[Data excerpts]
▬▬▬▬▬▬

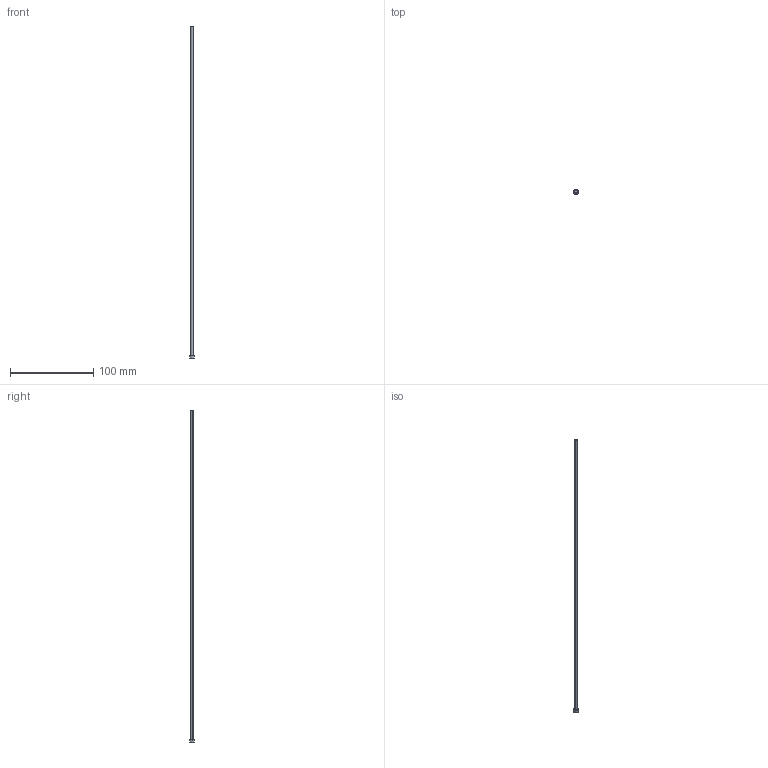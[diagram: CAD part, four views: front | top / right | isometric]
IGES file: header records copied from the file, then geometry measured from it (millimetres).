
Start section: SolidWorks IGES file using analytic representation for surfaces
Global section: file name: 3f88.IGS; native system: SolidWorks 2019; preprocessor: SolidWorks 2019; author: Model3D; date: 230213.175423; units: millimetre
Bounding box: 6 x 6 x 400 mm (x, y, z)
Surface area: 3854.7 mm2 (no closed solid volume)
Topology: 0 solids, 0 shells, 7 faces, 144 edges, 144 vertices
Faces by surface type: revolution 4, bspline 3
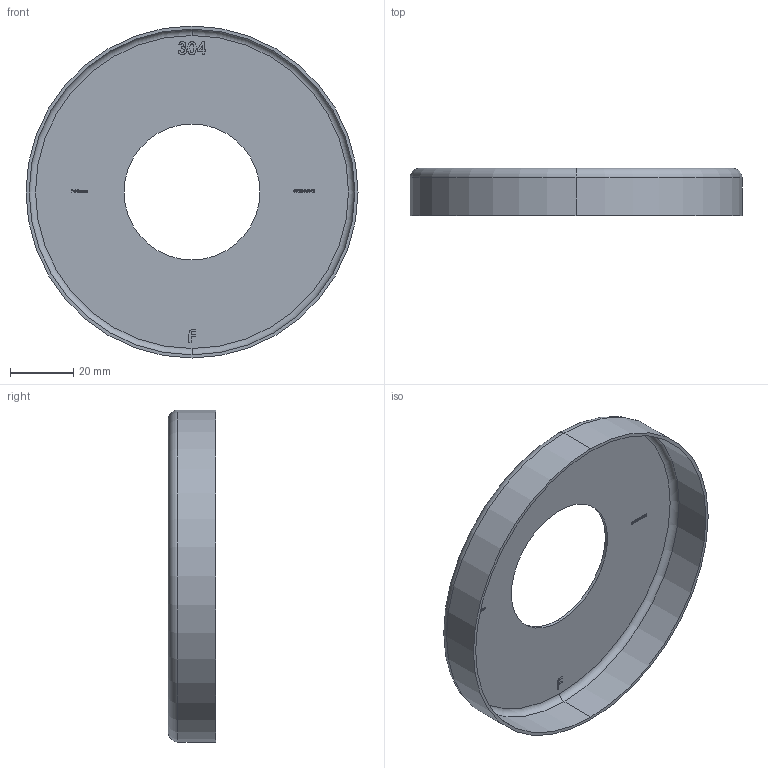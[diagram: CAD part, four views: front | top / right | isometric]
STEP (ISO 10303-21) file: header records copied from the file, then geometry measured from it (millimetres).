
FILE_DESCRIPTION (( 'STEP AP203' ), '1' );
FILE_NAME ('50152-240-15.step', '2020-11-05T12:44:44', ( '' ), ( '' ), 'SwSTEP 2.0', 'SolidWorks 2018', '' );
FILE_SCHEMA (( 'CONFIG_CONTROL_DESIGN' ));
Length unit declared in the file: millimetre
Products named in the file (2): 50152-240-15
Bounding box: 105 x 15 x 105 mm (x, y, z)
Volume: 11424.9 mm3; surface area: 23331.6 mm2
Topology: 1 solids, 1 shells, 316 faces, 839 edges, 558 vertices
Faces by surface type: plane 179, bspline 127, cylinder 6, torus 4
Entity records: 17096 total; most frequent: CARTESIAN_POINT 9930, ORIENTED_EDGE 1678, DIRECTION 987, EDGE_CURVE 839, LINE 565, VECTOR 565, VERTEX_POINT 558, EDGE_LOOP 351
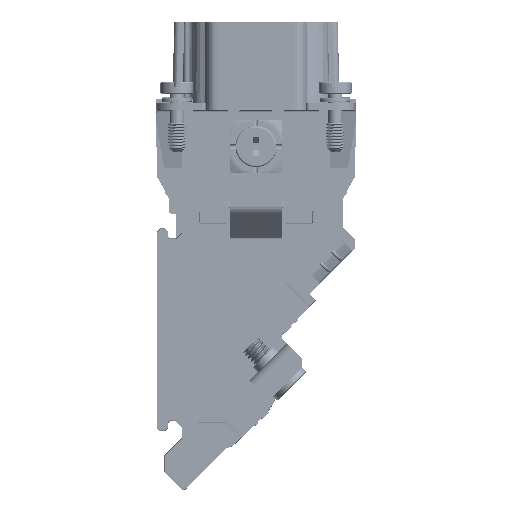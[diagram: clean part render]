
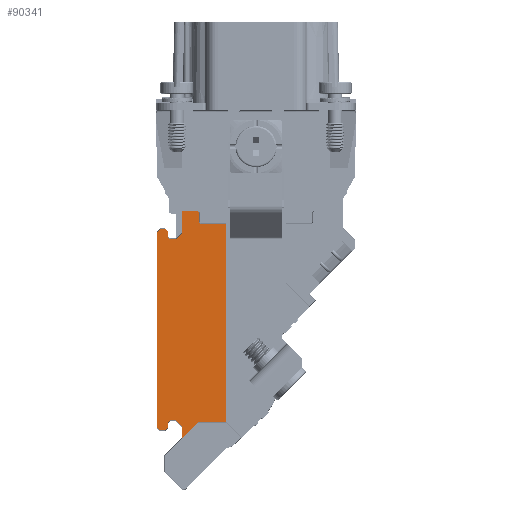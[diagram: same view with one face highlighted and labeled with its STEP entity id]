
A CAD part, front view. The second image highlights one B-rep face of the part: STEP entity #90341.
In plain terms, the highlighted planar face has unit normal (0, -1, 0).
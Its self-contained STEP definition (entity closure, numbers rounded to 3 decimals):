
#77411=B_SPLINE_CURVE_WITH_KNOTS('',3,(#490982,#490983,#490984,#490985),
 .UNSPECIFIED.,.F.,.F.,(4,4),(0.,1.),.UNSPECIFIED.);
#77414=B_SPLINE_CURVE_WITH_KNOTS('',3,(#491058,#491059,#491060,#491061),
 .UNSPECIFIED.,.F.,.F.,(4,4),(0.,1.),.UNSPECIFIED.);
#90341=ADVANCED_FACE('',(#111384),#99093,.T.);
#99093=PLANE('',#334143);
#111384=FACE_OUTER_BOUND('',#124458,.T.);
#124458=EDGE_LOOP('',(#199823,#199824,#199825,#199826,#199827,#199828,#199829,
#199830,#199831,#199832,#199833,#199834,#199835,#199836,#199837,#199838,
#199839,#199840,#199841,#199842,#199843,#199844,#199845,#199846,#199847));
#130899=CIRCLE('',#334141,0.601);
#130900=CIRCLE('',#334142,0.601);
#199823=ORIENTED_EDGE('',*,*,#263325,.F.);
#199824=ORIENTED_EDGE('',*,*,#263326,.T.);
#199825=ORIENTED_EDGE('',*,*,#263327,.F.);
#199826=ORIENTED_EDGE('',*,*,#263328,.F.);
#199827=ORIENTED_EDGE('',*,*,#263329,.F.);
#199828=ORIENTED_EDGE('',*,*,#263330,.F.);
#199829=ORIENTED_EDGE('',*,*,#263331,.F.);
#199830=ORIENTED_EDGE('',*,*,#263332,.F.);
#199831=ORIENTED_EDGE('',*,*,#263333,.F.);
#199832=ORIENTED_EDGE('',*,*,#263334,.F.);
#199833=ORIENTED_EDGE('',*,*,#263335,.F.);
#199834=ORIENTED_EDGE('',*,*,#263336,.F.);
#199835=ORIENTED_EDGE('',*,*,#263337,.F.);
#199836=ORIENTED_EDGE('',*,*,#263338,.F.);
#199837=ORIENTED_EDGE('',*,*,#263339,.F.);
#199838=ORIENTED_EDGE('',*,*,#263340,.F.);
#199839=ORIENTED_EDGE('',*,*,#263341,.F.);
#199840=ORIENTED_EDGE('',*,*,#263342,.F.);
#199841=ORIENTED_EDGE('',*,*,#263343,.T.);
#199842=ORIENTED_EDGE('',*,*,#263344,.F.);
#199843=ORIENTED_EDGE('',*,*,#263345,.F.);
#199844=ORIENTED_EDGE('',*,*,#263346,.F.);
#199845=ORIENTED_EDGE('',*,*,#263347,.T.);
#199846=ORIENTED_EDGE('',*,*,#263311,.F.);
#199847=ORIENTED_EDGE('',*,*,#263314,.T.);
#227338=VERTEX_POINT('',#490975);
#227339=VERTEX_POINT('',#490977);
#227340=VERTEX_POINT('',#490981);
#227351=VERTEX_POINT('',#491015);
#227352=VERTEX_POINT('',#491017);
#227353=VERTEX_POINT('',#491019);
#227354=VERTEX_POINT('',#491021);
#227355=VERTEX_POINT('',#491023);
#227356=VERTEX_POINT('',#491025);
#227357=VERTEX_POINT('',#491027);
#227358=VERTEX_POINT('',#491029);
#227359=VERTEX_POINT('',#491031);
#227360=VERTEX_POINT('',#491033);
#227361=VERTEX_POINT('',#491035);
#227362=VERTEX_POINT('',#491037);
#227363=VERTEX_POINT('',#491039);
#227364=VERTEX_POINT('',#491041);
#227365=VERTEX_POINT('',#491043);
#227366=VERTEX_POINT('',#491045);
#227367=VERTEX_POINT('',#491047);
#227368=VERTEX_POINT('',#491049);
#227369=VERTEX_POINT('',#491051);
#227370=VERTEX_POINT('',#491053);
#227371=VERTEX_POINT('',#491055);
#227372=VERTEX_POINT('',#491057);
#263311=EDGE_CURVE('',#227338,#227339,#289694,.T.);
#263314=EDGE_CURVE('',#227338,#227340,#77411,.T.);
#263325=EDGE_CURVE('',#227351,#227340,#289705,.T.);
#263326=EDGE_CURVE('',#227351,#227352,#289706,.T.);
#263327=EDGE_CURVE('',#227353,#227352,#289707,.T.);
#263328=EDGE_CURVE('',#227354,#227353,#289708,.T.);
#263329=EDGE_CURVE('',#227355,#227354,#130899,.T.);
#263330=EDGE_CURVE('',#227356,#227355,#289709,.T.);
#263331=EDGE_CURVE('',#227357,#227356,#289710,.T.);
#263332=EDGE_CURVE('',#227358,#227357,#289711,.T.);
#263333=EDGE_CURVE('',#227359,#227358,#289712,.T.);
#263334=EDGE_CURVE('',#227360,#227359,#289713,.T.);
#263335=EDGE_CURVE('',#227361,#227360,#289714,.T.);
#263336=EDGE_CURVE('',#227362,#227361,#289715,.T.);
#263337=EDGE_CURVE('',#227363,#227362,#289716,.T.);
#263338=EDGE_CURVE('',#227364,#227363,#289717,.T.);
#263339=EDGE_CURVE('',#227365,#227364,#130900,.T.);
#263340=EDGE_CURVE('',#227366,#227365,#289718,.T.);
#263341=EDGE_CURVE('',#227367,#227366,#289719,.T.);
#263342=EDGE_CURVE('',#227368,#227367,#289720,.T.);
#263343=EDGE_CURVE('',#227368,#227369,#289721,.T.);
#263344=EDGE_CURVE('',#227370,#227369,#289722,.T.);
#263345=EDGE_CURVE('',#227371,#227370,#289723,.T.);
#263346=EDGE_CURVE('',#227372,#227371,#289724,.T.);
#263347=EDGE_CURVE('',#227372,#227339,#77414,.T.);
#289694=LINE('',#490976,#315339);
#289705=LINE('',#491014,#315350);
#289706=LINE('',#491016,#315351);
#289707=LINE('',#491018,#315352);
#289708=LINE('',#491020,#315353);
#289709=LINE('',#491024,#315354);
#289710=LINE('',#491026,#315355);
#289711=LINE('',#491028,#315356);
#289712=LINE('',#491030,#315357);
#289713=LINE('',#491032,#315358);
#289714=LINE('',#491034,#315359);
#289715=LINE('',#491036,#315360);
#289716=LINE('',#491038,#315361);
#289717=LINE('',#491040,#315362);
#289718=LINE('',#491044,#315363);
#289719=LINE('',#491046,#315364);
#289720=LINE('',#491048,#315365);
#289721=LINE('',#491050,#315366);
#289722=LINE('',#491052,#315367);
#289723=LINE('',#491054,#315368);
#289724=LINE('',#491056,#315369);
#315339=VECTOR('',#394625,1.);
#315350=VECTOR('',#394642,1.);
#315351=VECTOR('',#394643,1.);
#315352=VECTOR('',#394644,1.);
#315353=VECTOR('',#394645,1.);
#315354=VECTOR('',#394648,1.);
#315355=VECTOR('',#394649,1.);
#315356=VECTOR('',#394650,1.);
#315357=VECTOR('',#394651,1.);
#315358=VECTOR('',#394652,1.);
#315359=VECTOR('',#394653,1.);
#315360=VECTOR('',#394654,1.);
#315361=VECTOR('',#394655,1.);
#315362=VECTOR('',#394656,1.);
#315363=VECTOR('',#394659,1.);
#315364=VECTOR('',#394660,1.);
#315365=VECTOR('',#394661,1.);
#315366=VECTOR('',#394662,1.);
#315367=VECTOR('',#394663,1.);
#315368=VECTOR('',#394664,1.);
#315369=VECTOR('',#394665,1.);
#334141=AXIS2_PLACEMENT_3D('',#491022,#394646,#394647);
#334142=AXIS2_PLACEMENT_3D('',#491042,#394657,#394658);
#334143=AXIS2_PLACEMENT_3D('',#491062,#394666,#394667);
#394625=DIRECTION('',(0.,0.,-1.));
#394642=DIRECTION('',(1.,0.,0.));
#394643=DIRECTION('',(0.,0.,-1.));
#394644=DIRECTION('',(0.707,0.,0.707));
#394645=DIRECTION('',(1.,0.,0.));
#394646=DIRECTION('',(0.,-1.,0.));
#394647=DIRECTION('',(-1.,0.,0.));
#394648=DIRECTION('',(0.,0.,-1.));
#394649=DIRECTION('',(0.707,0.,-0.707));
#394650=DIRECTION('',(1.,0.,0.));
#394651=DIRECTION('',(0.707,0.,0.707));
#394652=DIRECTION('',(0.,0.,1.));
#394653=DIRECTION('',(-0.707,0.,0.707));
#394654=DIRECTION('',(-1.,0.,0.));
#394655=DIRECTION('',(-0.707,0.,-0.707));
#394656=DIRECTION('',(0.,0.,-1.));
#394657=DIRECTION('',(0.,-1.,0.));
#394658=DIRECTION('',(0.,0.,1.));
#394659=DIRECTION('',(-1.,0.,0.));
#394660=DIRECTION('',(-0.707,0.,0.707));
#394661=DIRECTION('',(0.,0.,1.));
#394662=DIRECTION('',(0.707,0.,0.707));
#394663=DIRECTION('',(-1.,0.,0.));
#394664=DIRECTION('',(0.,0.,-1.));
#394665=DIRECTION('',(1.,0.,0.));
#394666=DIRECTION('',(0.,-1.,0.));
#394667=DIRECTION('',(-1.,0.,0.));
#490975=CARTESIAN_POINT('',(-9.693,-8.87,-19.431));
#490976=CARTESIAN_POINT('',(-9.693,-8.87,-19.431));
#490977=CARTESIAN_POINT('',(-9.693,-8.87,-20.932));
#490981=CARTESIAN_POINT('',(-9.992,-8.87,-19.132));
#490982=CARTESIAN_POINT('',(-9.693,-8.87,-19.431));
#490983=CARTESIAN_POINT('',(-9.693,-8.87,-19.266));
#490984=CARTESIAN_POINT('',(-9.826,-8.87,-19.132));
#490985=CARTESIAN_POINT('',(-9.992,-8.87,-19.132));
#491014=CARTESIAN_POINT('',(-12.525,-8.87,-19.132));
#491015=CARTESIAN_POINT('',(-12.525,-8.87,-19.132));
#491016=CARTESIAN_POINT('',(-12.525,-8.87,-19.132));
#491017=CARTESIAN_POINT('',(-12.525,-8.87,-22.787));
#491018=CARTESIAN_POINT('',(-13.586,-8.87,-23.848));
#491019=CARTESIAN_POINT('',(-13.586,-8.87,-23.848));
#491020=CARTESIAN_POINT('',(-14.429,-8.87,-23.848));
#491021=CARTESIAN_POINT('',(-14.429,-8.87,-23.848));
#491022=CARTESIAN_POINT('',(-14.429,-8.87,-23.246));
#491023=CARTESIAN_POINT('',(-15.03,-8.87,-23.246));
#491024=CARTESIAN_POINT('',(-15.03,-8.87,-22.587));
#491025=CARTESIAN_POINT('',(-15.03,-8.87,-22.587));
#491026=CARTESIAN_POINT('',(-15.472,-8.87,-22.144));
#491027=CARTESIAN_POINT('',(-15.472,-8.87,-22.144));
#491028=CARTESIAN_POINT('',(-16.341,-8.87,-22.144));
#491029=CARTESIAN_POINT('',(-16.341,-8.87,-22.144));
#491030=CARTESIAN_POINT('',(-16.783,-8.87,-22.587));
#491031=CARTESIAN_POINT('',(-16.783,-8.87,-22.587));
#491032=CARTESIAN_POINT('',(-16.783,-8.87,-55.97));
#491033=CARTESIAN_POINT('',(-16.783,-8.87,-55.97));
#491034=CARTESIAN_POINT('',(-16.341,-8.87,-56.412));
#491035=CARTESIAN_POINT('',(-16.341,-8.87,-56.412));
#491036=CARTESIAN_POINT('',(-15.472,-8.87,-56.412));
#491037=CARTESIAN_POINT('',(-15.472,-8.87,-56.412));
#491038=CARTESIAN_POINT('',(-15.03,-8.87,-55.97));
#491039=CARTESIAN_POINT('',(-15.03,-8.87,-55.97));
#491040=CARTESIAN_POINT('',(-15.03,-8.87,-55.31));
#491041=CARTESIAN_POINT('',(-15.03,-8.87,-55.31));
#491042=CARTESIAN_POINT('',(-14.429,-8.87,-55.31));
#491043=CARTESIAN_POINT('',(-14.429,-8.87,-54.709));
#491044=CARTESIAN_POINT('',(-13.586,-8.87,-54.709));
#491045=CARTESIAN_POINT('',(-13.586,-8.87,-54.709));
#491046=CARTESIAN_POINT('',(-12.525,-8.87,-55.77));
#491047=CARTESIAN_POINT('',(-12.525,-8.87,-55.77));
#491048=CARTESIAN_POINT('',(-12.525,-8.87,-57.716));
#491049=CARTESIAN_POINT('',(-12.525,-8.87,-57.716));
#491050=CARTESIAN_POINT('',(-12.525,-8.87,-57.716));
#491051=CARTESIAN_POINT('',(-9.822,-8.87,-55.014));
#491052=CARTESIAN_POINT('',(-5.173,-8.87,-55.014));
#491053=CARTESIAN_POINT('',(-5.173,-8.87,-55.014));
#491054=CARTESIAN_POINT('',(-5.173,-8.87,-21.232));
#491055=CARTESIAN_POINT('',(-5.173,-8.87,-21.232));
#491056=CARTESIAN_POINT('',(-9.393,-8.87,-21.232));
#491057=CARTESIAN_POINT('',(-9.393,-8.87,-21.232));
#491058=CARTESIAN_POINT('',(-9.393,-8.87,-21.232));
#491059=CARTESIAN_POINT('',(-9.558,-8.87,-21.232));
#491060=CARTESIAN_POINT('',(-9.693,-8.87,-21.098));
#491061=CARTESIAN_POINT('',(-9.693,-8.87,-20.932));
#491062=CARTESIAN_POINT('',(0.,-8.87,0.));

▬▬▬▬▬▬

_ACTIVITY_. For each line above that holds the string "SolidWorks", provide a copy of that line.

_ANSWER FOR THE TASK_.
Start section: SolidWorks IGES file using analytic representation for surfaces
Global section: file name: 3f88.IGS; native system: SolidWorks 2019; preprocessor: SolidWorks 2019; author: Model3D; date: 230213.175423; units: millimetre
FILE_NAME ('50152-240-15.step', '2020-11-05T12:44:44', ( '' ), ( '' ), 'SwSTEP 2.0', 'SolidWorks 2018', '' );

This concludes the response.